::: RAW DATA
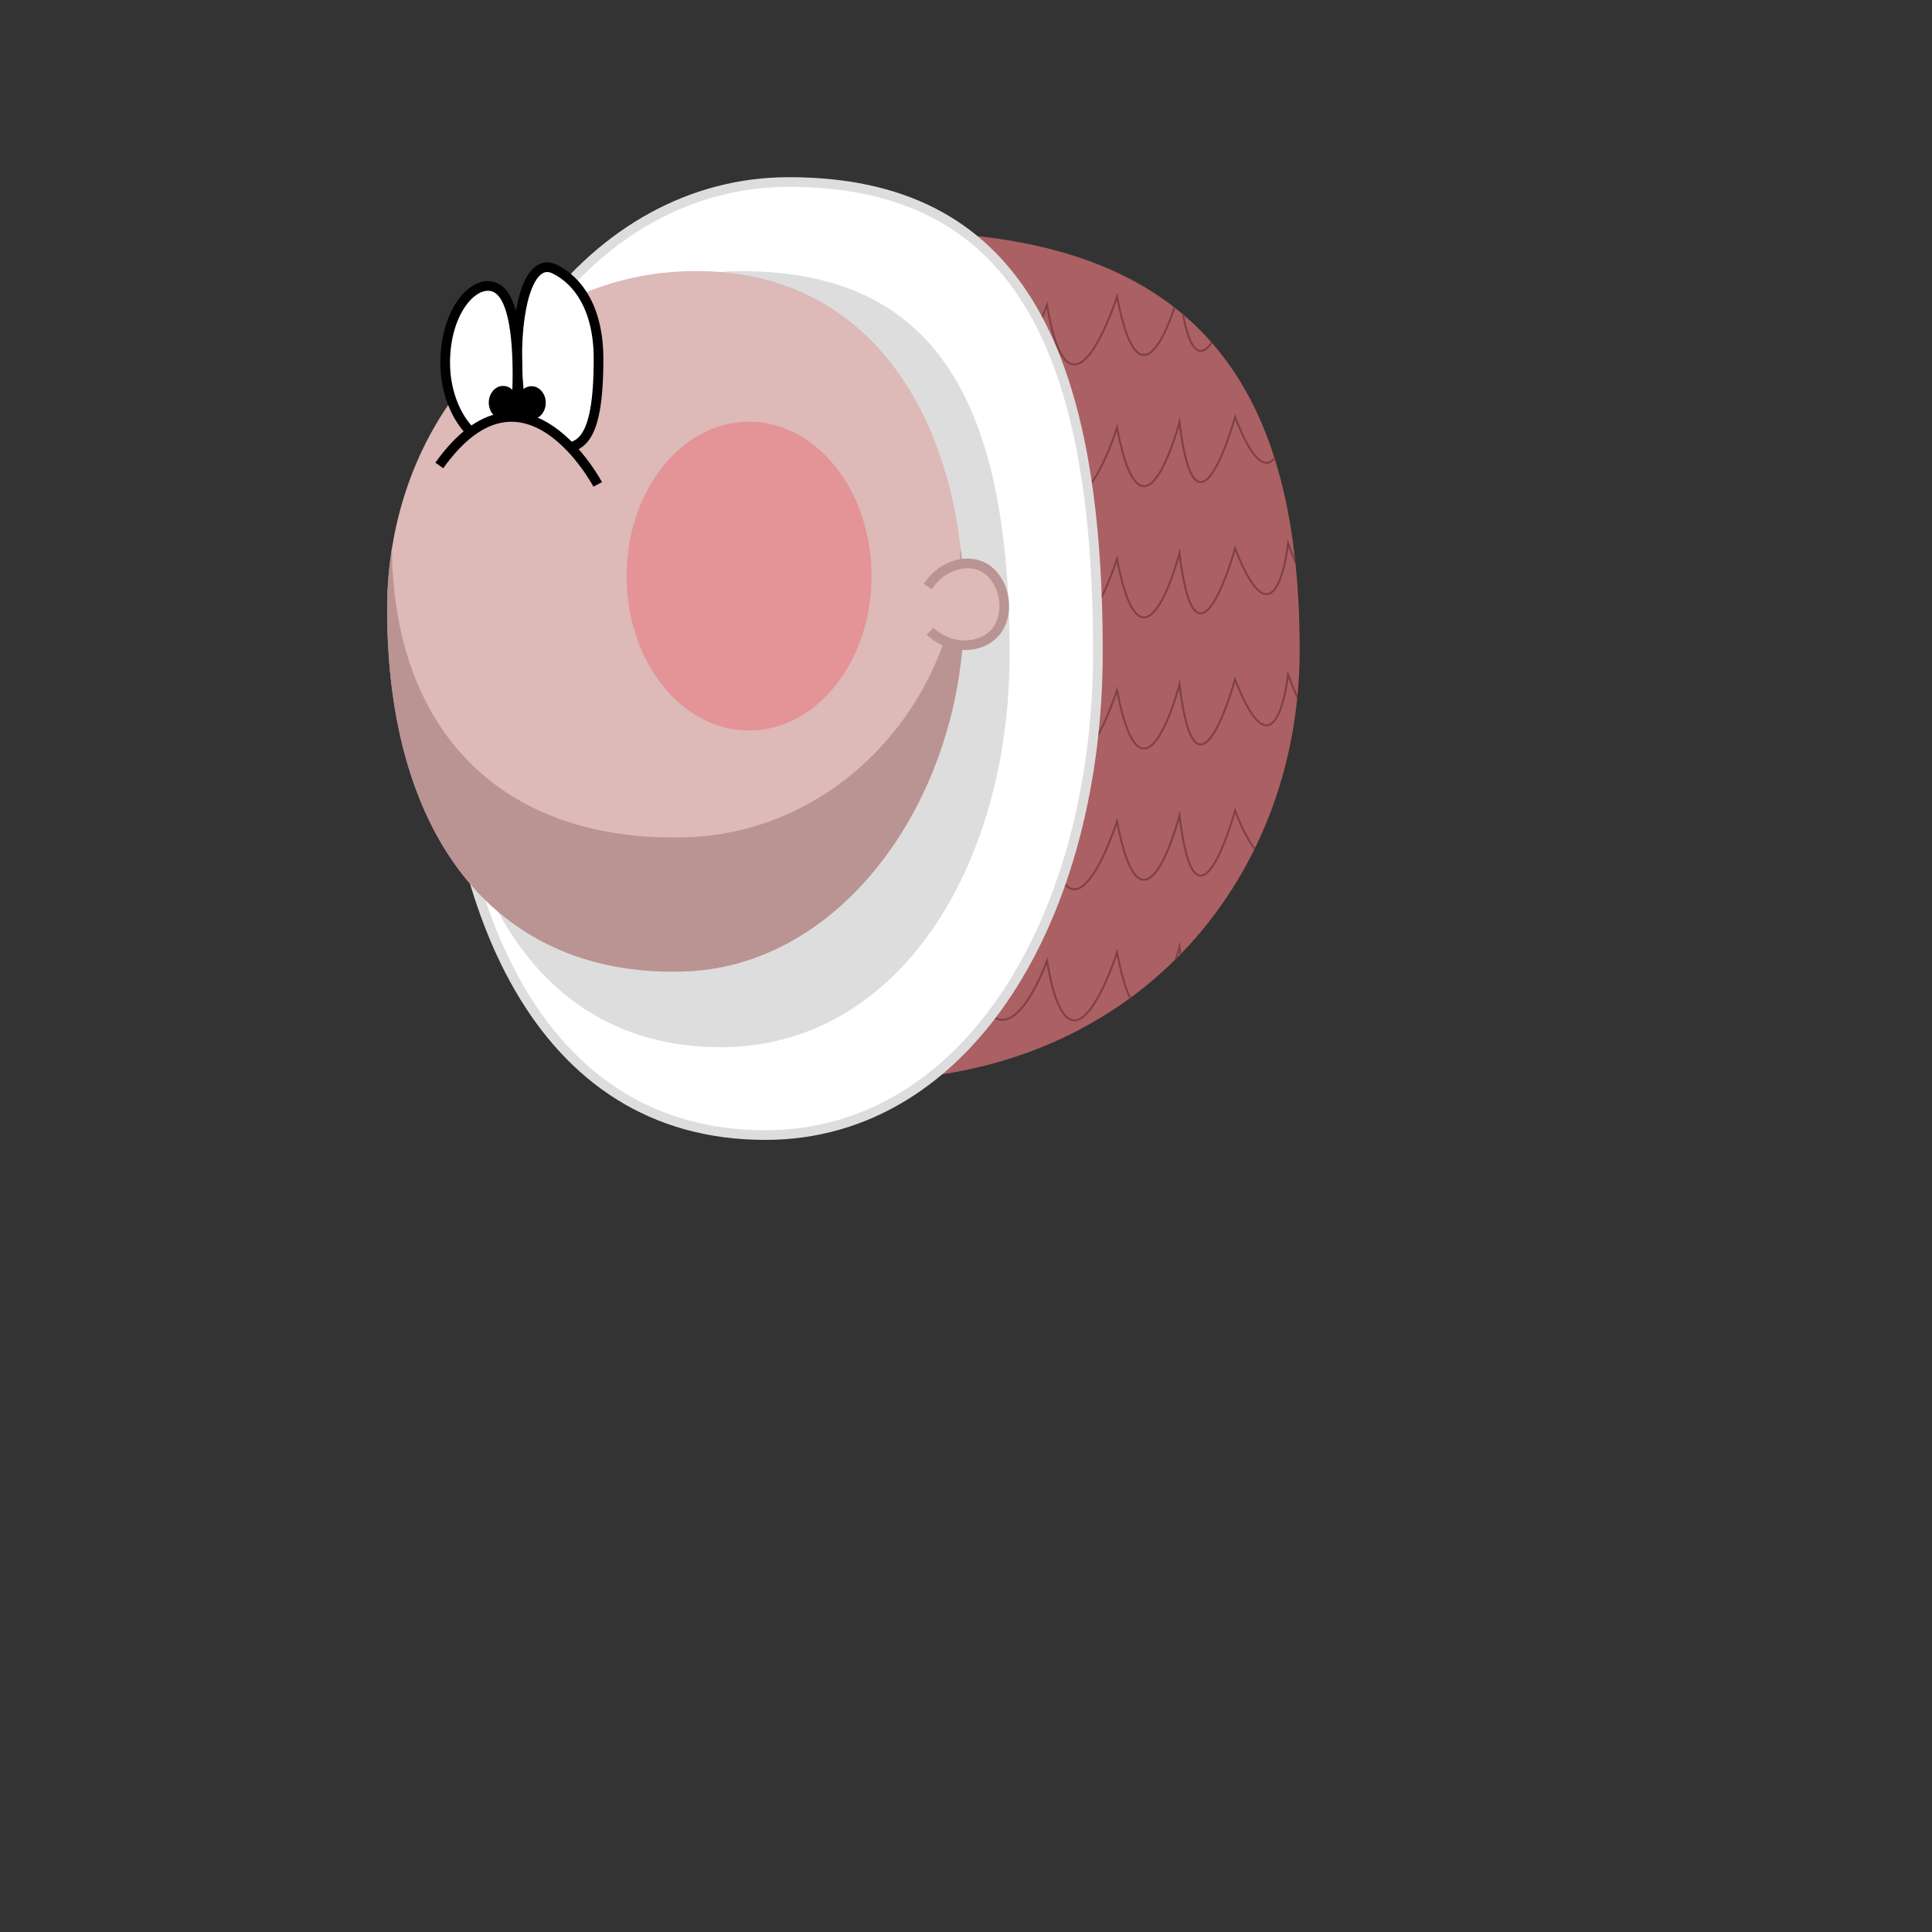 <svg xmlns="http://www.w3.org/2000/svg" xmlns:xlink="http://www.w3.org/1999/xlink" viewBox="0 0 1000 1000">
  <rect x="0" y="0" width="1000" height="1000" fill="#333333" stroke="none"/>
  <defs>
    <style>
      .cls-1, .cls-4 {
        fill: none;
      }

      .cls-2 {
        fill: #ab6063;
      }

      .cls-3 {
        clip-path: url(#clip-path);
      }

      .cls-4 {
        stroke: #7f4146;
      }

      .cls-11, .cls-4, .cls-5, .cls-8, .cls-9 {
        stroke-miterlimit: 10;
      }

      .cls-5, .cls-8 {
        fill: #fff;
      }

      .cls-5 {
        stroke: #ddd;
      }

      .cls-11, .cls-5, .cls-8, .cls-9 {
        stroke-width: 5px;
      }

      .cls-6 {
        fill: #ddd;
      }

      .cls-11, .cls-7, .cls-9 {
        fill: #ddb9b8;
      }

      .cls-8, .cls-9 {
        stroke: #000;
      }

      .cls-10 {
        fill: #ba9393;
      }

      .cls-11 {
        stroke: #ba9393;
      }

      .cls-12 {
        fill: #ff0013;
        opacity: 0.2;
      }
    </style>
    <clipPath id="clip-path">
      <path class="cls-1" d="M672.71,336.52c0,120.72-87.19,222.6-225.24,222.57-154.07,0-218-105.63-218-226.35S330.48,120,463.45,120C615.93,120,672.71,195,672.71,336.52Z"/>
    </clipPath>
  </defs>
  <g id="Layer_1" data-name="Layer 1">
    <g>
      <g>
        <path class="cls-2" d="M672.71,336.52c0,120.72-87.19,222.6-225.24,222.57-154.07,0-218-105.63-218-226.35S330.48,120,463.45,120C615.93,120,672.71,195,672.71,336.52Z"/>
        <g class="cls-3">
          <path class="cls-4" d="M188.62,376.77s-7.79,87.52,39.95,20.78c0,0,5.42,78.64,35.47,12.84,0,0,13.34,74.22,35.88,7.28,0,0,9.56,63.67,33.38-.62,0,0,6.05,57.38,27.44,2.53,0,0,20.21,74,28.76,2.56,0,0,18.92,72.7,32.34,3,0,0,24.11,76.07,36.25,4.34,0,0,24.85,70.21,41.91-2.4,17.06,72.61,41.91,2.4,41.91,2.4,12.14,71.73,36.25-4.34,36.25-4.34,13.42,69.74,32.34-3,32.34-3,8.55,71.48,28.76-2.56,28.76-2.56,21.39,54.85,27.44-2.53,27.44-2.53,23.82,64.29,33.38.62,33.38.62,22.54,66.94,35.88-7.28,35.88-7.28,30,65.8,35.47-12.84,35.47-12.84,47.74,66.74,40-20.78,40-20.78"/>
          <path class="cls-4" d="M188.62,444.68s-7.79,87.52,39.95,20.78c0,0,5.42,78.63,35.47,12.84,0,0,13.34,74.21,35.88,7.28,0,0,9.56,63.67,33.38-.62,0,0,6.05,57.38,27.44,2.53,0,0,20.21,74,28.76,2.56,0,0,18.92,72.69,32.34,2.95,0,0,24.11,76.08,36.25,4.35,0,0,24.85,70.2,41.91-2.41,17.06,72.61,41.91,2.41,41.91,2.41,12.14,71.73,36.25-4.35,36.25-4.35,13.42,69.74,32.34-2.95,32.34-2.95,8.55,71.47,28.76-2.56,28.76-2.56C660.65,542.34,666.7,485,666.7,485c23.82,64.29,33.38.62,33.38.62C722.62,552.51,736,478.3,736,478.3c30,65.79,35.47-12.84,35.47-12.84,47.74,66.74,40-20.78,40-20.78"/>
          <path class="cls-4" d="M188.62,308.86s-7.79,87.53,39.95,20.79c0,0,5.42,78.63,35.47,12.83,0,0,13.34,74.22,35.88,7.29,0,0,9.56,63.67,33.38-.62,0,0,6.05,57.38,27.44,2.53,0,0,20.21,74,28.76,2.55,0,0,18.92,72.7,32.34,3,0,0,24.11,76.08,36.25,4.35,0,0,24.85,70.2,41.91-2.41,17.06,72.61,41.91,2.41,41.91,2.41,12.14,71.73,36.25-4.35,36.25-4.35,13.42,69.74,32.34-3,32.34-3,8.55,71.48,28.76-2.55,28.76-2.55,21.39,54.85,27.44-2.53,27.44-2.53,23.82,64.29,33.38.62,33.38.62,22.54,66.93,35.88-7.29,35.88-7.29,30,65.8,35.47-12.83,35.47-12.83,47.74,66.74,40-20.79,40-20.79"/>
          <path class="cls-4" d="M188.62,105.14s-7.79,87.53,39.95,20.79c0,0,5.42,78.63,35.47,12.83,0,0,13.34,74.22,35.88,7.29,0,0,9.56,63.67,33.38-.62,0,0,6.05,57.38,27.44,2.53,0,0,20.21,74,28.76,2.55,0,0,18.92,72.7,32.34,3,0,0,24.11,76.08,36.25,4.35,0,0,24.85,70.2,41.91-2.41,17.06,72.61,41.91,2.41,41.91,2.41,12.14,71.73,36.25-4.35,36.25-4.35,13.42,69.74,32.34-3,32.34-3C619.05,222,639.26,148,639.26,148c21.39,54.85,27.44-2.53,27.44-2.53,23.82,64.29,33.38.62,33.38.62C722.62,213,736,138.76,736,138.76c30,65.8,35.47-12.83,35.47-12.83,47.74,66.74,40-20.79,40-20.79"/>
          <path class="cls-4" d="M188.62,173.05s-7.79,87.52,39.95,20.78c0,0,5.42,78.64,35.47,12.84,0,0,13.34,74.22,35.88,7.28,0,0,9.56,63.67,33.38-.62,0,0,6.05,57.39,27.44,2.53,0,0,20.21,74,28.76,2.56,0,0,18.92,72.7,32.34,3,0,0,24.11,76.07,36.25,4.34,0,0,24.85,70.21,41.91-2.4,17.06,72.61,41.91,2.4,41.91,2.4,12.14,71.73,36.25-4.34,36.25-4.34,13.42,69.74,32.34-3,32.34-3,8.55,71.48,28.76-2.56,28.76-2.56,21.39,54.86,27.44-2.53,27.44-2.53,23.82,64.29,33.38.62,33.38.62,22.54,66.94,35.88-7.28,35.88-7.28,30,65.8,35.47-12.84,35.47-12.84,47.74,66.74,40-20.78,40-20.78"/>
          <path class="cls-4" d="M188.62,241s-7.79,87.52,39.95,20.78c0,0,5.42,78.63,35.47,12.84,0,0,13.34,74.21,35.88,7.28,0,0,9.56,63.67,33.38-.62,0,0,6.05,57.38,27.44,2.53,0,0,20.21,74,28.76,2.56,0,0,18.92,72.69,32.34,2.95,0,0,24.11,76.08,36.25,4.35,0,0,24.85,70.2,41.91-2.41,17.06,72.61,41.91,2.41,41.91,2.41,12.14,71.73,36.25-4.35,36.25-4.35,13.42,69.74,32.34-2.95,32.34-2.95,8.55,71.47,28.76-2.56,28.76-2.56,21.39,54.85,27.44-2.53,27.44-2.53,23.82,64.29,33.38.62,33.38.62,22.54,66.93,35.88-7.28,35.88-7.28,30,65.79,35.47-12.84,35.47-12.84,47.74,66.74,40-20.78,40-20.78"/>
        </g>
        <path class="cls-5" d="M568.27,337.45c0,135.64-66.65,250.1-172.17,250.06-117.76,0-166.61-118.67-166.61-254.3s77.2-239,178.83-239C524.87,94.16,568.27,178.44,568.27,337.45Z"/>
        <path class="cls-6" d="M522.57,338.41c0,110.44-57.87,203.64-149.49,203.61C270.84,542,228.42,445.39,228.42,335s67-194.64,155.27-194.64C484.89,140.31,522.57,208.93,522.57,338.41Z"/>
        <path class="cls-7" d="M499,315.41c0,96.5-62.17,184.64-144.59,187.41-96,3.23-154-67.89-154-187.41,0-96.51,67-169.44,149.32-174.75C451,134.12,499,218.9,499,315.41Z"/>
        <g>
          <path class="cls-8" d="M267.71,185.28c.05,29.77,6.8,47,19.35,47s22.74-1.7,22.74-46.5c0-25.68-10.3-40.45-22.74-46.5C275,133.37,267.67,155,267.71,185.28Z"/>
          <path class="cls-8" d="M230.44,187.69c0,23.81,13.79,41.25,24.09,41.25s13.94-13.89,13.23-41.25C267.14,163.9,262.91,148,252.6,148S230.44,163.88,230.44,187.69Z"/>
          <ellipse cx="275.12" cy="208.48" rx="7.36" ry="8.58"/>
          <ellipse cx="260.42" cy="208.4" rx="7.43" ry="8.66"/>
          <path class="cls-9" d="M309.37,250.73s-37.85-71.57-82-9.81"/>
        </g>
        <path class="cls-10" d="M497.18,283.59c-.89,77.35-61.86,147.58-142.5,149.8-94,2.59-151.11-54.18-151.82-149.73a201.83,201.83,0,0,0-2.5,31.75c0,119.52,58.06,190.64,154,187.41C436.82,500.05,499,411.91,499,315.41A275.32,275.32,0,0,0,497.18,283.59Z"/>
        <path class="cls-11" d="M480.19,303.59c6.69-10.22,18.59-14.26,27.32-10.69,12.49,5.12,16.53,25,7.12,35-7.56,8-22.85,8.63-33.25-1.18"/>
      </g>
      <ellipse class="cls-12" cx="387.71" cy="298.21" rx="63.39" ry="79.92"/>
    </g>
  </g>
</svg>
::::::
| AIM OF THE TASK |
What is the number of lines in the records that contain "none"? Answer with it alone.

| RESPONSE TO THE TASK |
2